*** GIVEN ENTRIES ***
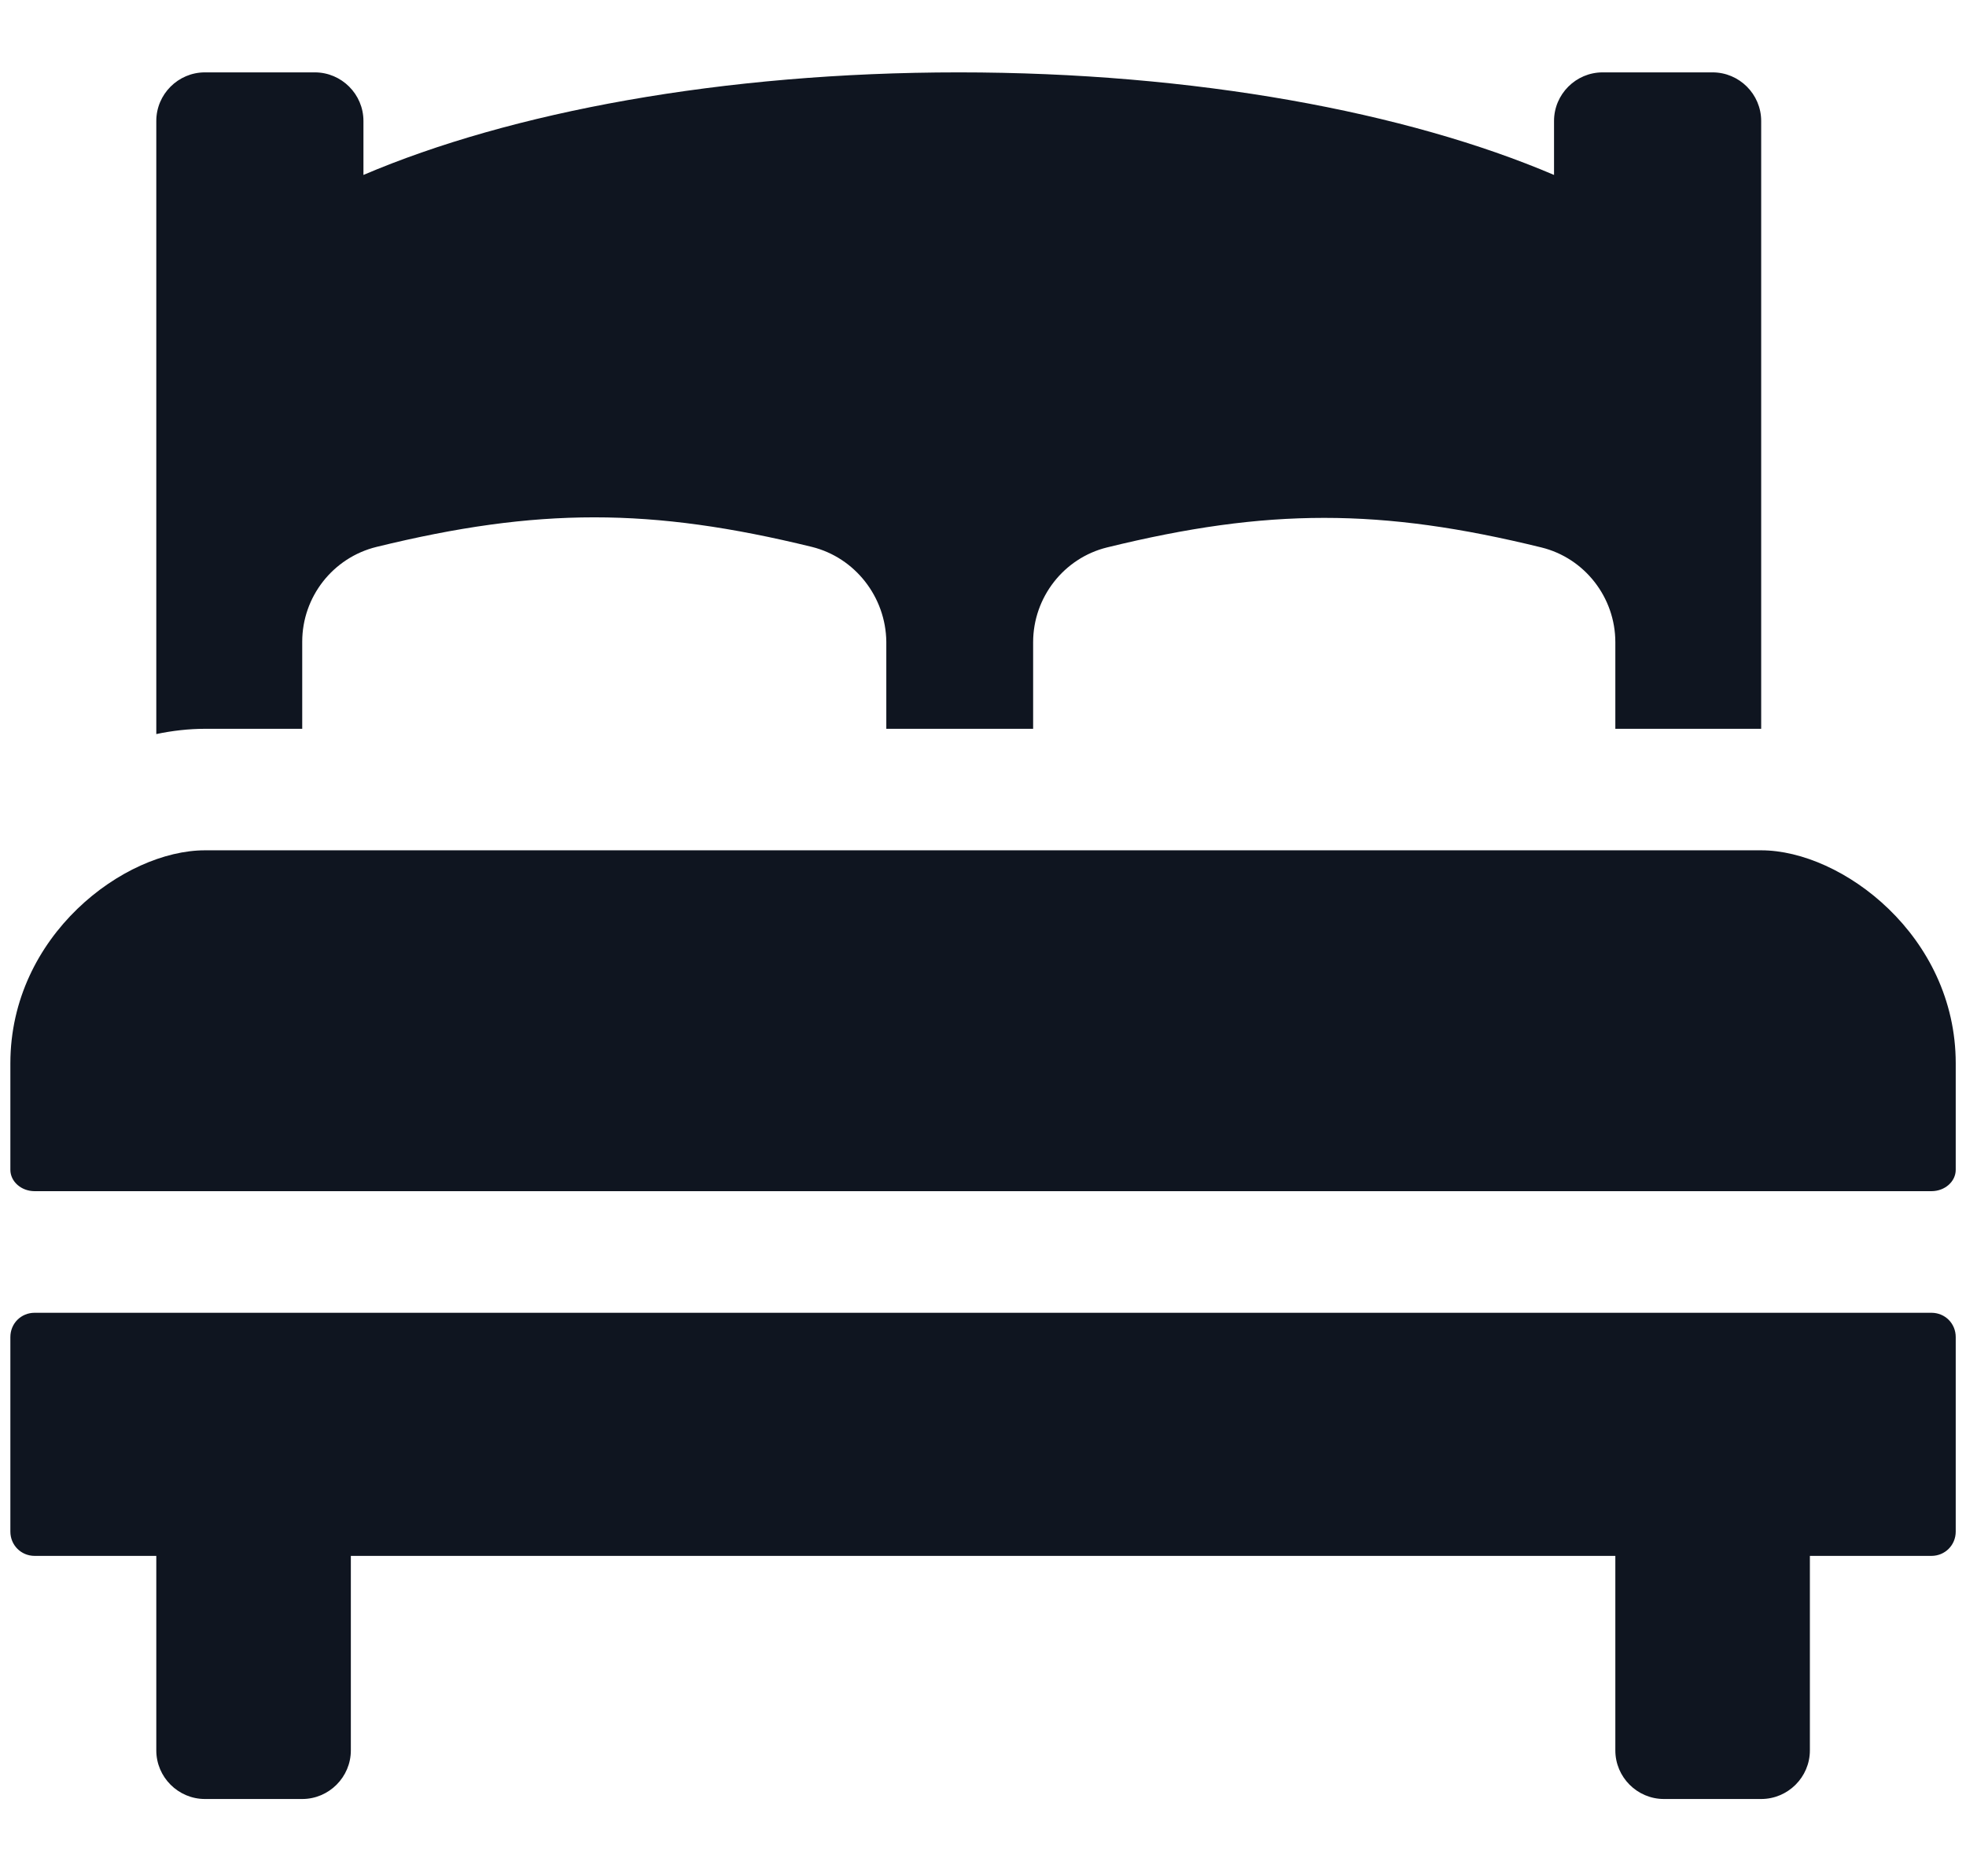 <svg xmlns="http://www.w3.org/2000/svg" width="22" height="21" viewBox="0 0 22 21" fill="none">
    <path d="M3.382 8.157V7.182C3.382 6.682 3.724 6.241 4.214 6.121C6.016 5.68 7.284 5.68 9.085 6.121C9.569 6.241 9.912 6.682 9.918 7.182V8.157H11.561V7.188C11.561 6.687 11.904 6.246 12.388 6.127C14.184 5.686 15.452 5.686 17.248 6.127C17.733 6.246 18.076 6.687 18.076 7.188V8.157H19.708V1.354C19.708 1.054 19.463 0.81 19.164 0.81H17.934C17.635 0.81 17.39 1.054 17.39 1.354V1.958C15.746 1.256 13.373 0.81 10.729 0.81C8.084 0.81 5.711 1.256 4.067 1.958V1.354C4.067 1.054 3.822 0.81 3.523 0.81H2.293C1.994 0.81 1.749 1.054 1.749 1.354V8.216C1.928 8.178 2.114 8.157 2.293 8.157H3.382ZM21.613 14.693H0.388C0.236 14.693 0.116 14.812 0.116 14.965V17.142C0.116 17.294 0.236 17.414 0.388 17.414H1.749V19.591C1.749 19.89 1.994 20.135 2.293 20.135H3.382C3.681 20.135 3.926 19.89 3.926 19.591V17.414H18.076V19.591C18.076 19.89 18.32 20.135 18.62 20.135H19.708C20.008 20.135 20.253 19.89 20.253 19.591V17.414H21.613C21.765 17.414 21.885 17.294 21.885 17.142V14.965C21.885 14.812 21.765 14.693 21.613 14.693Z" fill="#0F1520"/>
    <path d="M19.708 9.517H2.293C1.39 9.517 0.116 10.47 0.116 11.901V13.093C0.116 13.223 0.236 13.332 0.388 13.332H21.613C21.765 13.332 21.885 13.223 21.885 13.093V11.901C21.885 10.475 20.612 9.517 19.708 9.517Z" fill="#0F1520"/>
    </svg>
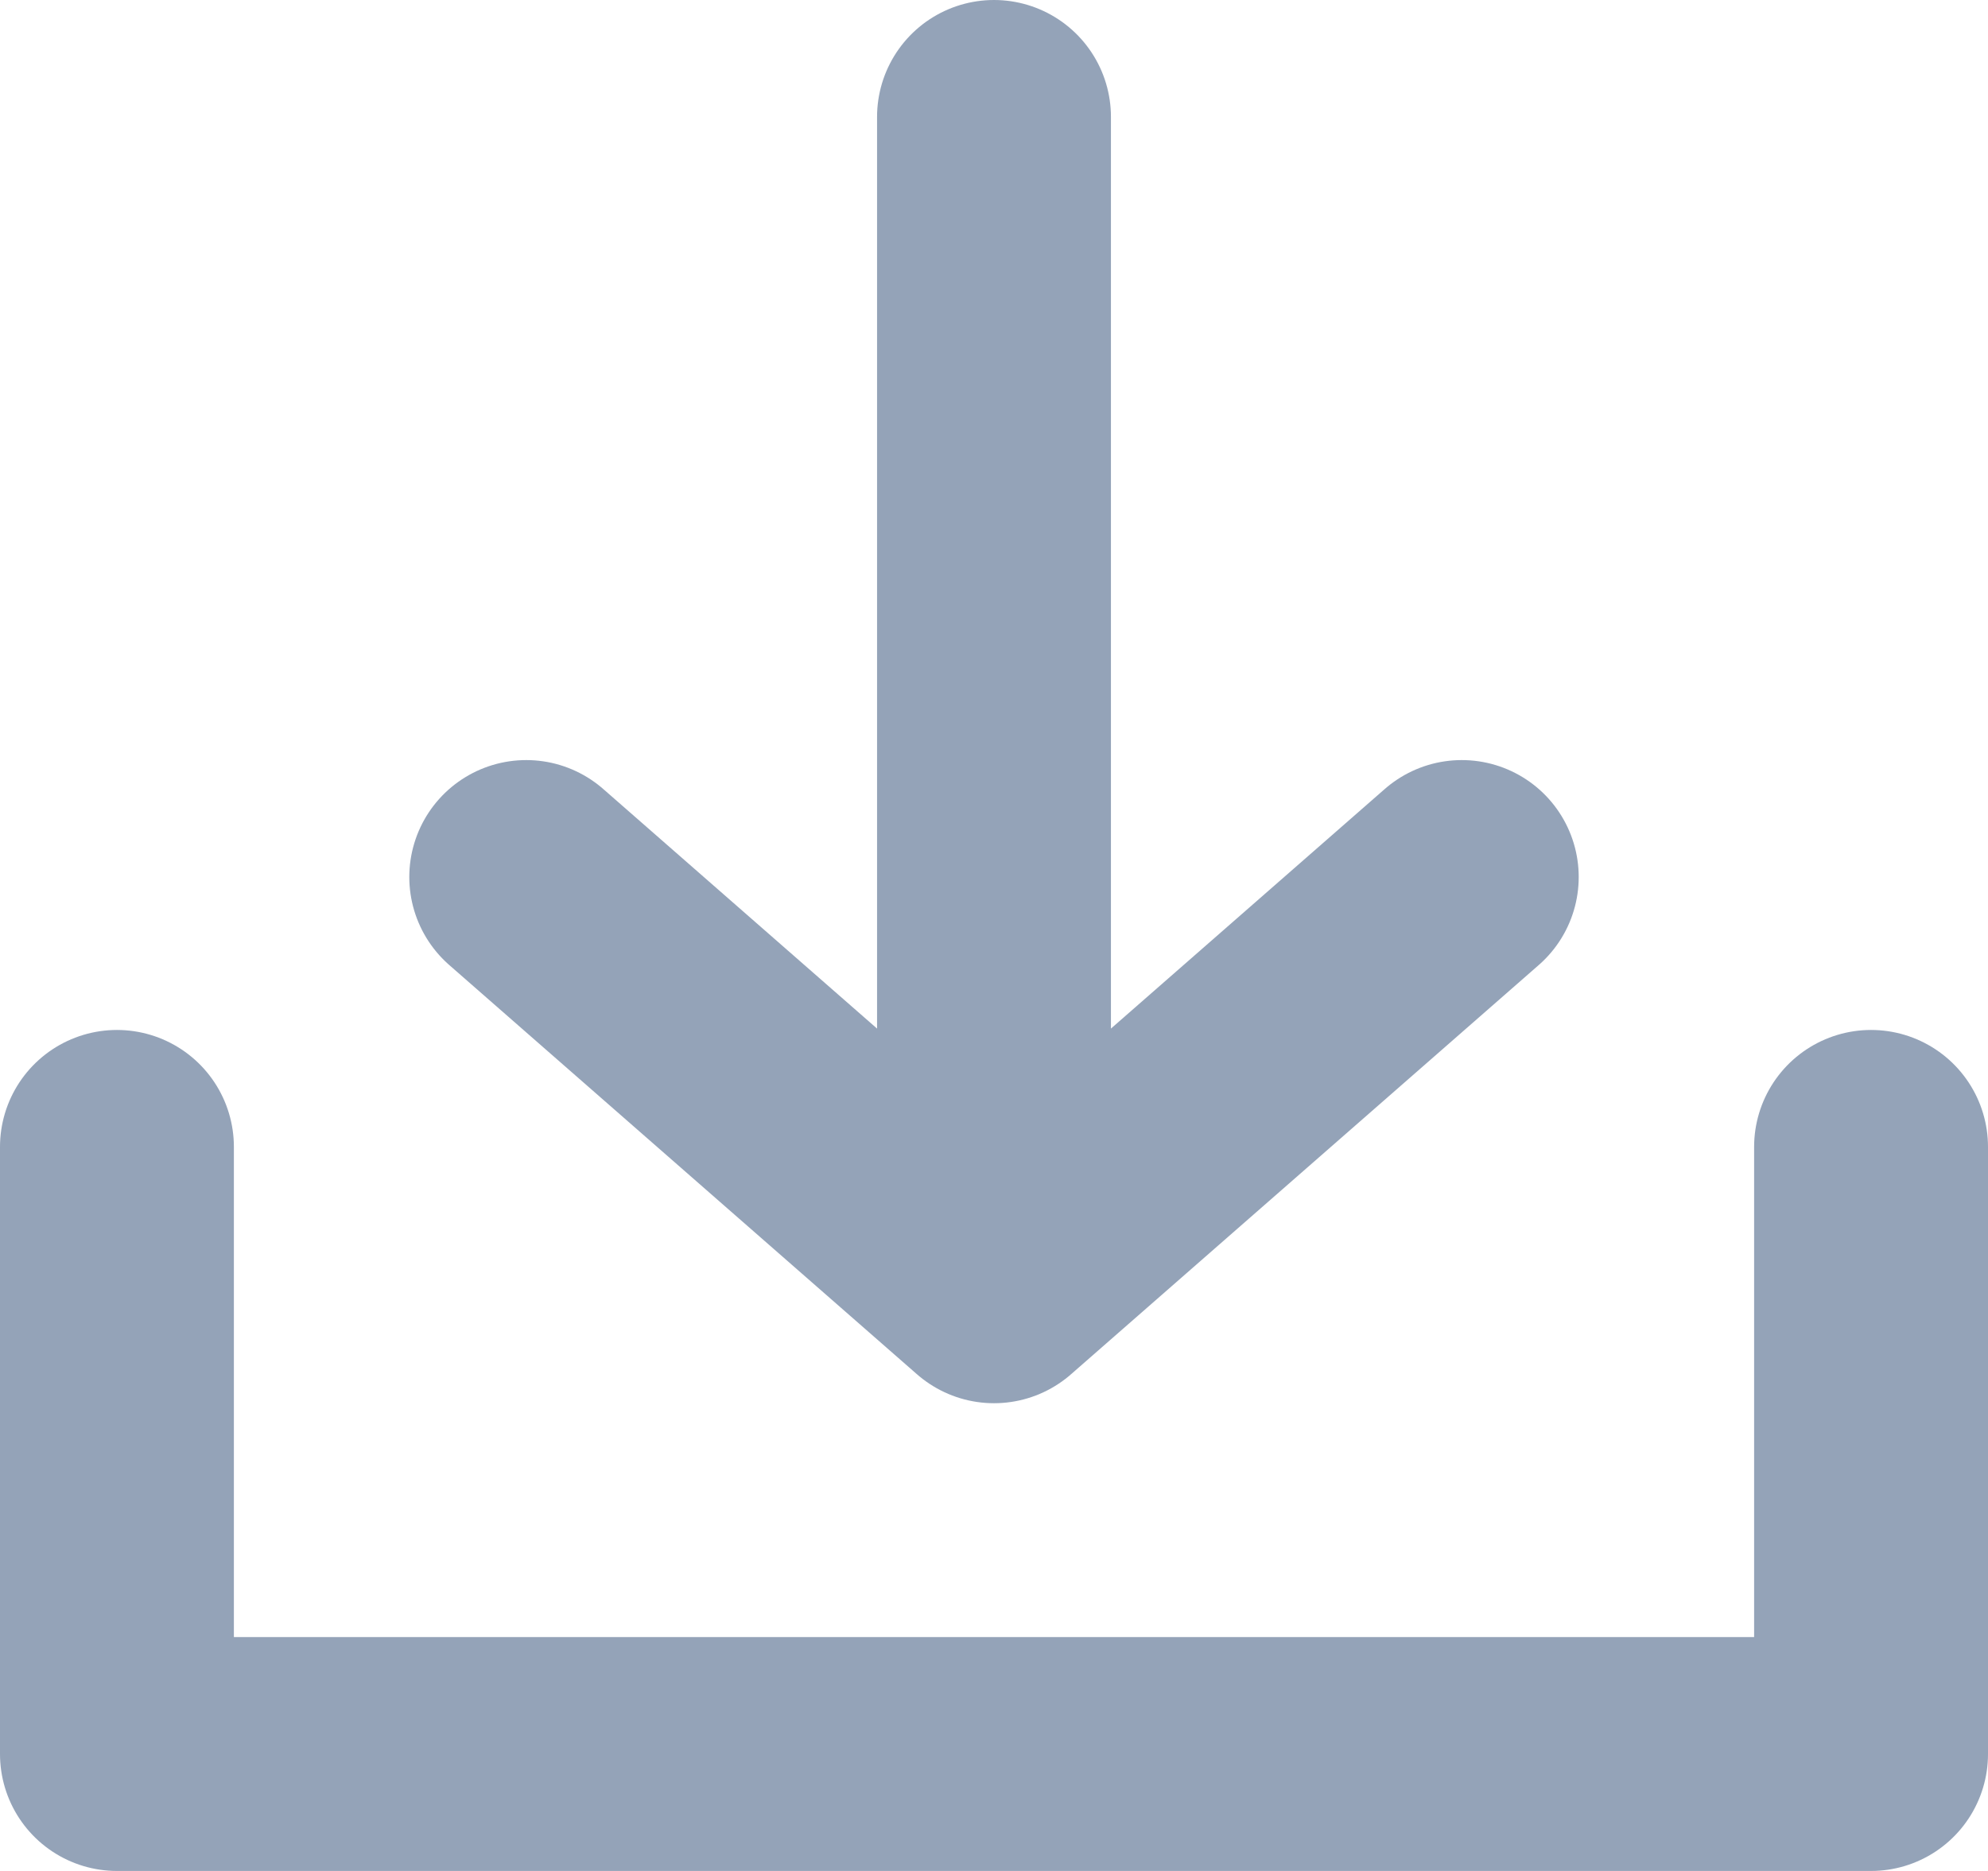 <svg xmlns="http://www.w3.org/2000/svg" width="17" height="16" viewBox="0 0 17 16" fill="none">
  <path d="M1 9.808V15H16V9.808M4.5 7.5L8.5 11M8.5 11L12.5 7.5M8.5 11V1" stroke="#94A3B8" stroke-width="2" stroke-linecap="round" stroke-linejoin="round"/>
</svg>
***
*YOUR OBJECTIVE*. Only the lines from the one containing "9.517H2.293C1.39 9.517 0.116" through the last line of the data may appear in the answer, each given again exactly and with pictures left out.

*YOUR RESPONSE*.
    <path d="M19.708 9.517H2.293C1.39 9.517 0.116 10.47 0.116 11.901V13.093C0.116 13.223 0.236 13.332 0.388 13.332H21.613C21.765 13.332 21.885 13.223 21.885 13.093V11.901C21.885 10.475 20.612 9.517 19.708 9.517Z" fill="#0F1520"/>
    </svg>
 <svg xmlns="http://www.w3.org/2000/svg" width="17" height="16" viewBox="0 0 17 16" fill="none">
  <path d="M1 9.808V15H16V9.808M4.5 7.5L8.5 11M8.5 11L12.5 7.5M8.5 11V1" stroke="#94A3B8" stroke-width="2" stroke-linecap="round" stroke-linejoin="round"/>
</svg>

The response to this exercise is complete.